Software enhances view of aircraft flaws

The day the roof ripped off Aloha Airlines flight 243 at 24,000 feet over the Pacific Ocean, aviation research took a new turn. Officials blamed widespread corrosion as a main culprit in the 1988 disaster. The incident intensified work in a field known as nondestructive evaluation–analyzing the guts of materials without cutting them open.

Red spots inside the blue-green area show single-thickness regions, where a reinforcing strip has separated from an aluminum plate. The surrounding red area is also single thickness. Hinders and Malyarenko/JASA

Scientists have now designed software that they say should enable a portable scanning machine to check a plane’s fuselage for corrosion more quickly, effectively, and safely than any current tool. Eugene V. Malyarenko and Mark K. Hinders of the College of William and Mary in Williamsburg, Va., describe their system in the October Journal of the Acoustical Society of America.

A scanning machine clocks how quickly ultrasonic waves travel within a plane’s skin. Pulses that arrive at an endpoint faster than expected serve as an early indicator of thinning material, a sign of corrosion. The technique is akin to one that seismologists use to picture Earth’s interior.

For years, engineers using ultrasound have peered into the skin of jets, but they’ve been able to examine a mere postage stamp-size area at a time. They’ve used only a small number of transducers because the computing power wasn’t available to interpret signals from a larger array. What’s more, it’s taken an expert in mechanical-waveguide physics to make sense of the data collected.

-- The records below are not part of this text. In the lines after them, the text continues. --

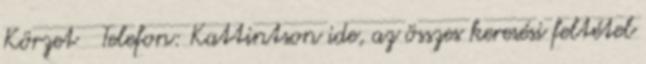
Körzet Telefon: Kattintson ide, az összes keresési feltétel
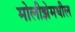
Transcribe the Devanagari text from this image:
मोलीझेमधील
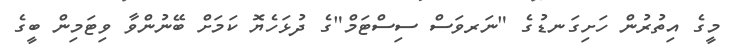
މީގެ އިތުރުން ހަށިގަނޑުގެ "ނަރވަސް ސިސްޓަމް"ގެ ދުޅަހެޔޮ ކަމަށް ބޭނުންވާ ވިޓަމިން ބީގެ
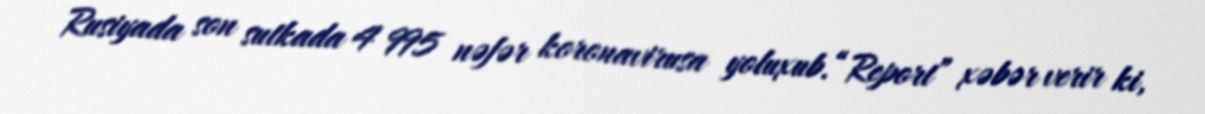
Rusiyada son sutkada 4 995 nəfər koronavirusa yoluxub.“Report” xəbər verir ki,
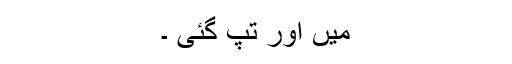
میں اور تپ گئی ۔
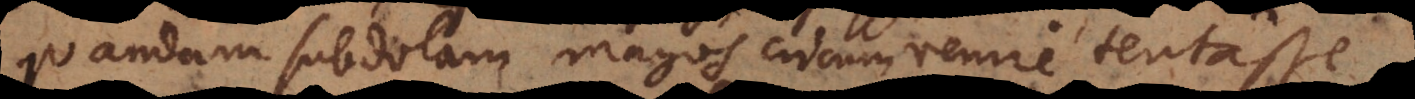
quandam subdolam magos circumvenire tentasse.
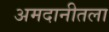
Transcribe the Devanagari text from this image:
अमदानीतला
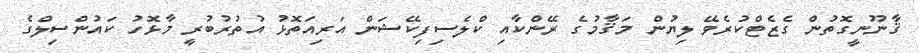
ޤާނޫނީގޮތުން ގެޒެޓްކުރެވޭ ލިޔުން މަޤާމުގެ ރޭންކާއި ކްލެސިފިކޭޝަން އަރިއަތޮޅު އުތުރުބުރީ މާޅޮހު ކައުންސިލްގެ
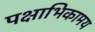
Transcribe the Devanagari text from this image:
पक्षाभिकामय
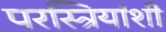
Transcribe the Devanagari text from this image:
परस्त्रियांशी
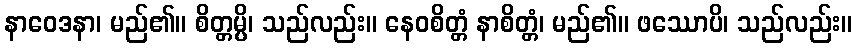
နာဝေဒနာ၊ မည်၏။ စိတ္တမ္ပိ၊ သည်လည်း။ နေဝစိတ္တံ နာစိတ္တံ၊ မည်၏။ ဖဿောပိ၊ သည်လည်း။
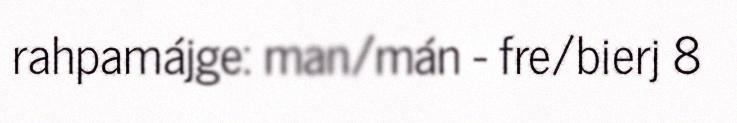
rahpamájge: man/mán - fre/bierj 8
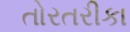
તોરતરીકા
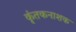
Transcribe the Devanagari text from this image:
कृंतकनाशक
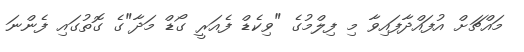
މައްޗަށް އުފައްދާފައިވާ މި ފިލްމުގެ "ވިކެޑް ފެއަރީ ގޯޑް މަދާ"ގެ ގޮތުގައި ފެންނަ
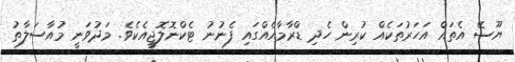
ޔޫސޭ އެތައް އަހަރުތަކެއް ކުރިން ހެދި ޑްރާމާއެއްގައި ފެނުނު ޓެކްނޮލޮޖީއެކެވެ. މަދުވަނީ މުއާސަލާތު
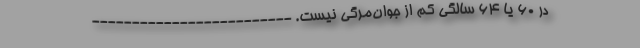
در 60 یا 64 سالگی کم از جوان‌مرگی نیست. -------------------------
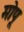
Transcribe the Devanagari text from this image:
मोपू
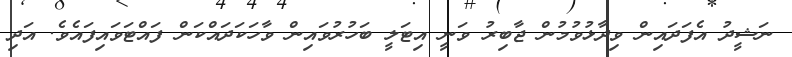
ނަޝީދު އެފަދައިން ވިދާޅުވުމުން ޖާބިރު ވަނީ އިޓަލީ ބަހުރުވައިން ވާހަކަދައްކަން ފައްޓަވައިފައެވެ. އަދި
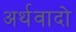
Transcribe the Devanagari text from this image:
अर्थवादो
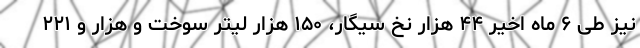
نیز طی ۶ ماه اخیر ۴۴ هزار نخ سیگار، ۱۵۰ هزار لیتر سوخت و هزار و ۲۲۱
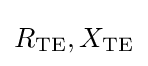
R_{\text{TE}},X_{\text{TE}}
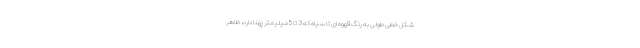
شکل خطی طولی به رنگ قهوه ای تا سیاه که 3 تا 5 میلیمتر پهنا دارد، ظاهر
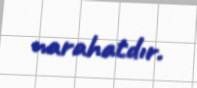
narahatdır.
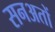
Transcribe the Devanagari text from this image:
सनअतों
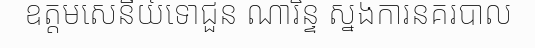
ឧត្តមសេនីយ៍ទោជួន ណារិន្ទ ស្នងការនគរបាល
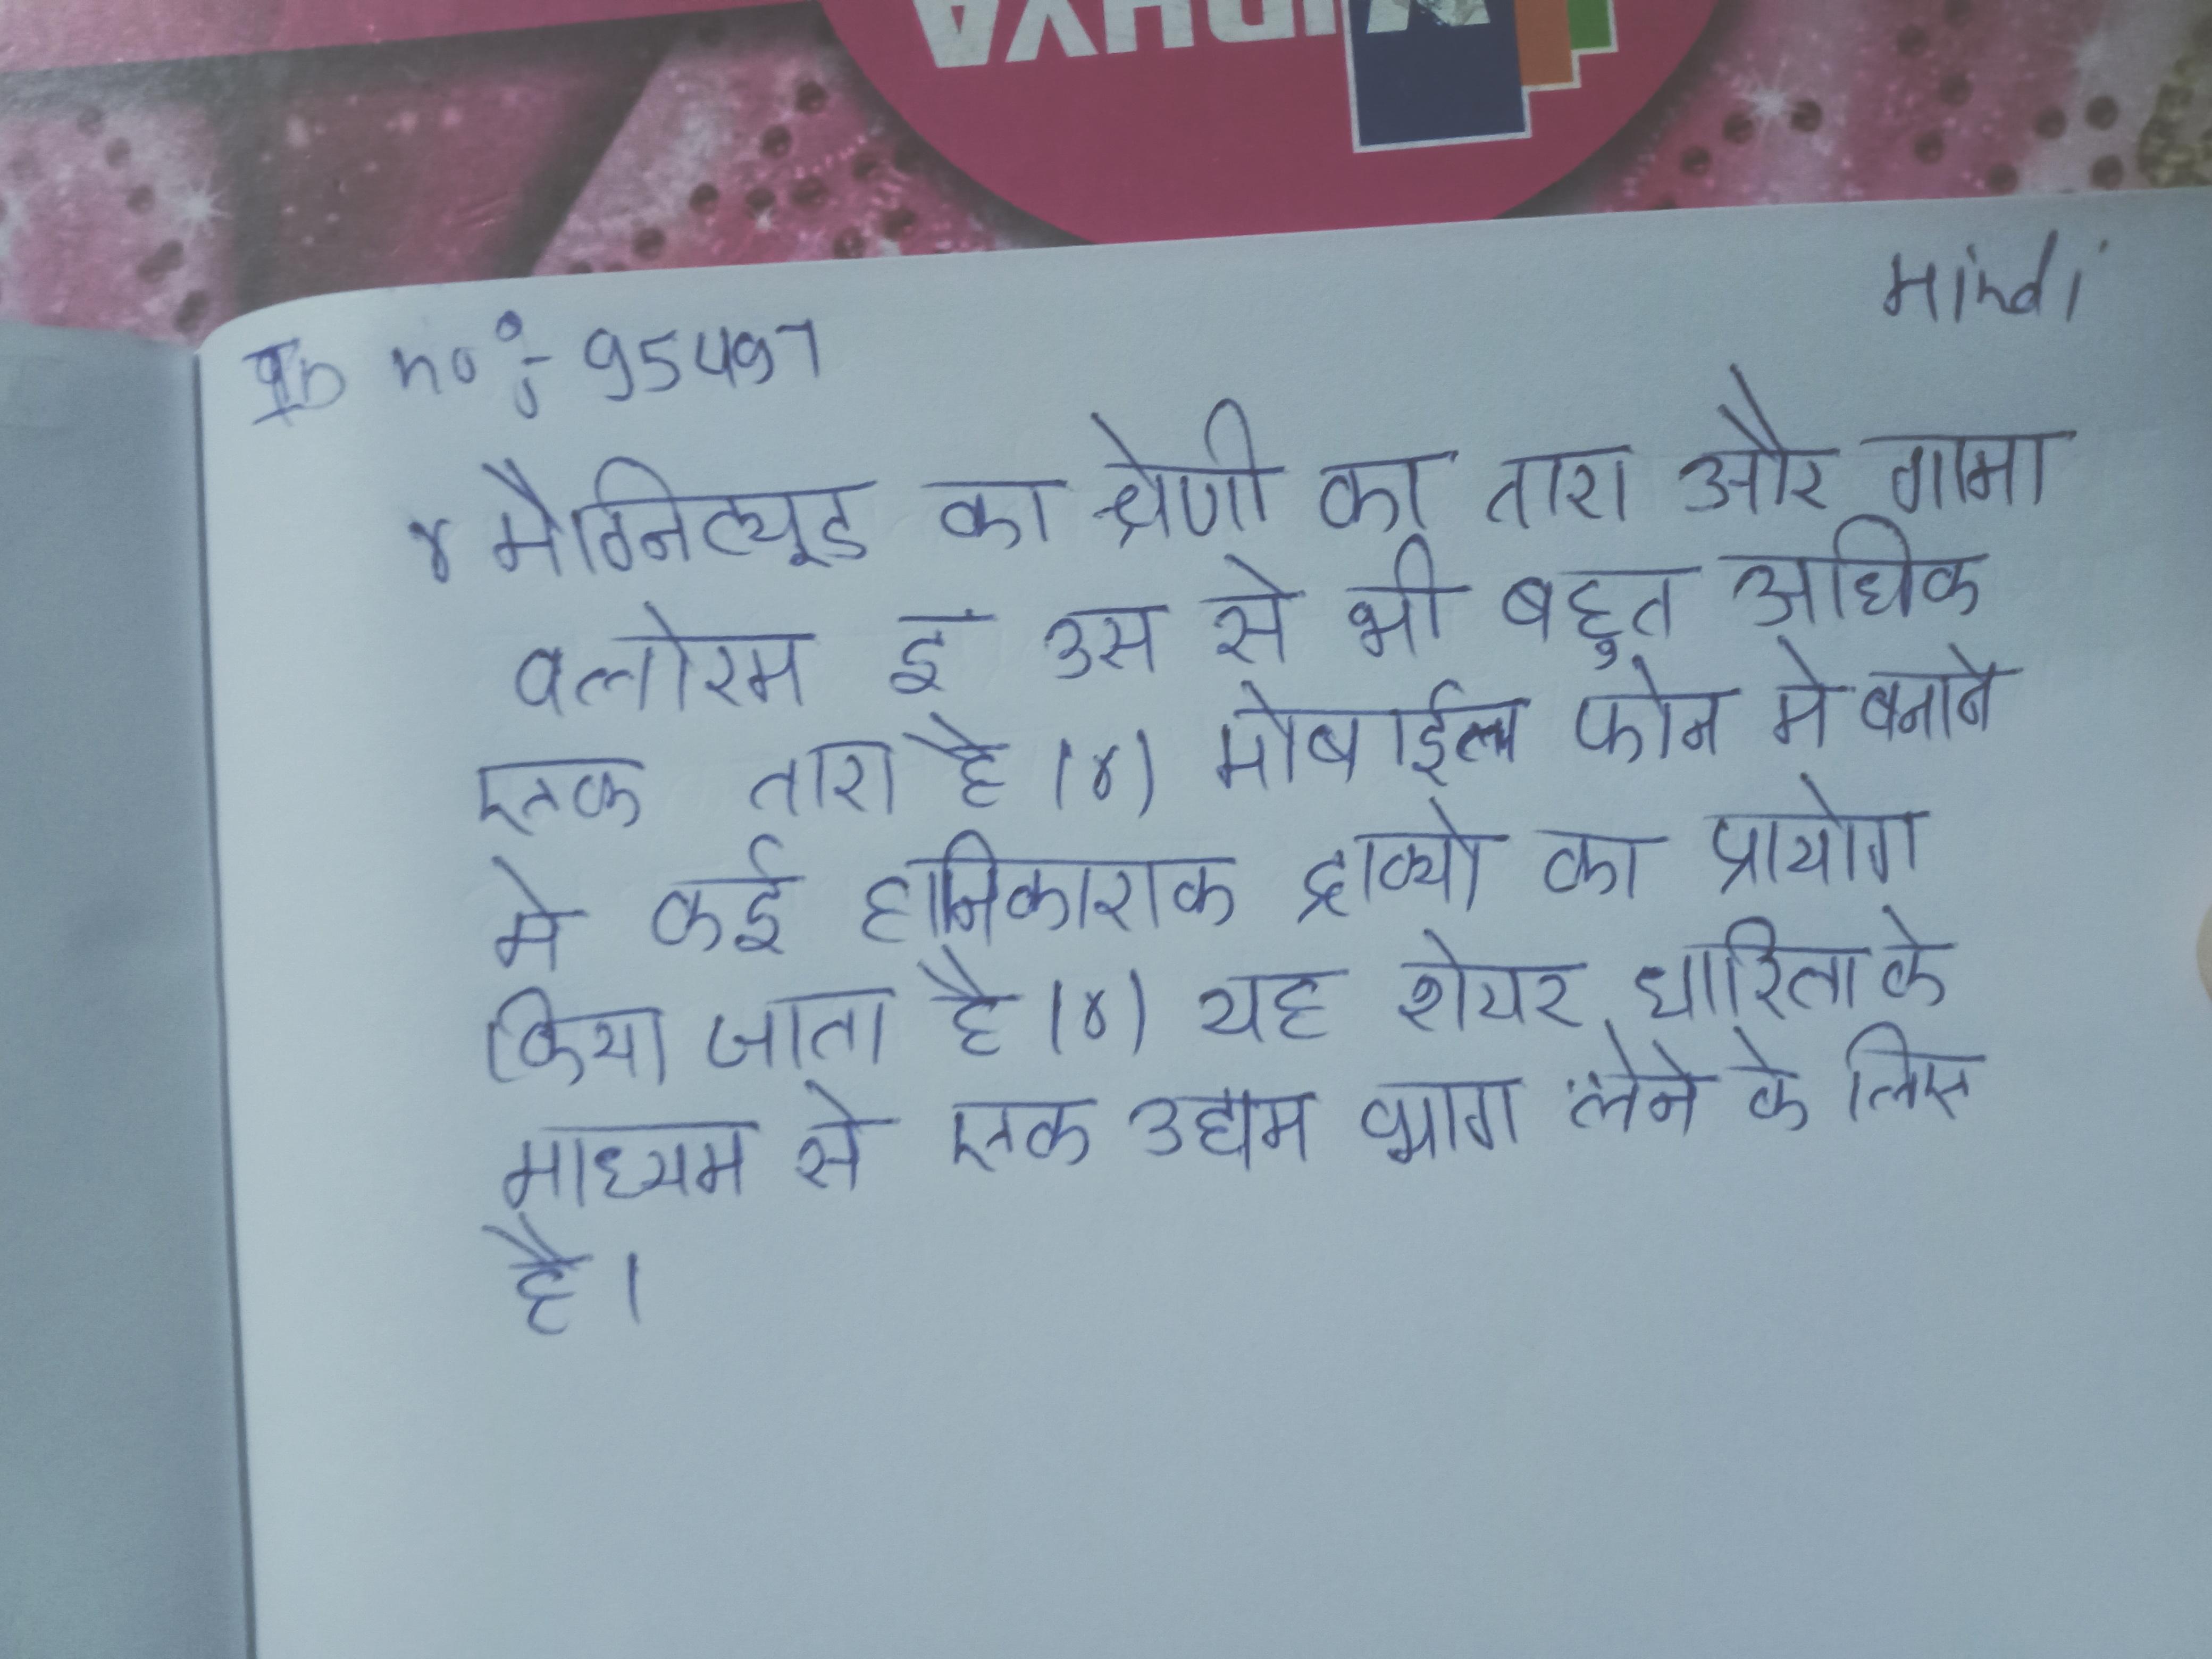
४ मैग्निट्यूड का श्रेणी का तारा और गामा वलोरम ई उस से भी बहुत अधिक एक तारा है । ४) मोबाइल फोन के बानाने मे कई हानिकाराक द्राव्यो का प्रायोग किया जाता है । ४) यह शेयर धारिता के माध्यम से एक उद्यम भाग लेने के लिए है ।
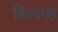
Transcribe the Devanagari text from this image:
शिलागृह
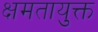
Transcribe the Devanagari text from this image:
क्षमतायुक्त
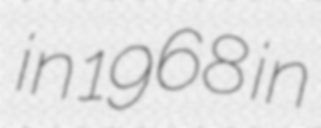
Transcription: in 1968 in

Hinders says the new approach will rely on several thousand transducers. Arranged in a frame that’s 1 meter square, these will send and receive the ultrasonic signals and relay data to an attached computer the size of a lunchbox. Within about 30 seconds, the new software will map the thickness of the fuselage bounded by the frame.

“Our strategy is to put the smarts required for the measurement inside the instrument itself,” Malyarenko and Hinders say. Their software will crunch heaps of data, select what’s most important, and produce a large map that’s relatively easy to interpret, they say.

The images will describe the extent of a defect, not just its location, says James C.P. McKeon, director of development and research at Sonix in Springfield, Va. McKeon worked with Hinders early in the project.

The cost of the instrument remains an issue; the prototype will run about $500,000, estimates Christopher S. Domack, president of Nascent Technology Solutions in Hampton, Va. The price needs to drop to about $50,000, he says. His company aims to produce and market the enhanced scanning device to industries including airlines, railcar makers, and ship builders.

Domack adds, “A commercial product could be a couple years down the road.” This technology “wouldn’t be something we would require,” says Alison Duquette of the Federal Aviation Administration. “The airlines currently perform inspections adequately, in line with the Aging Aircraft Program set up after the Aloha Airlines incident.”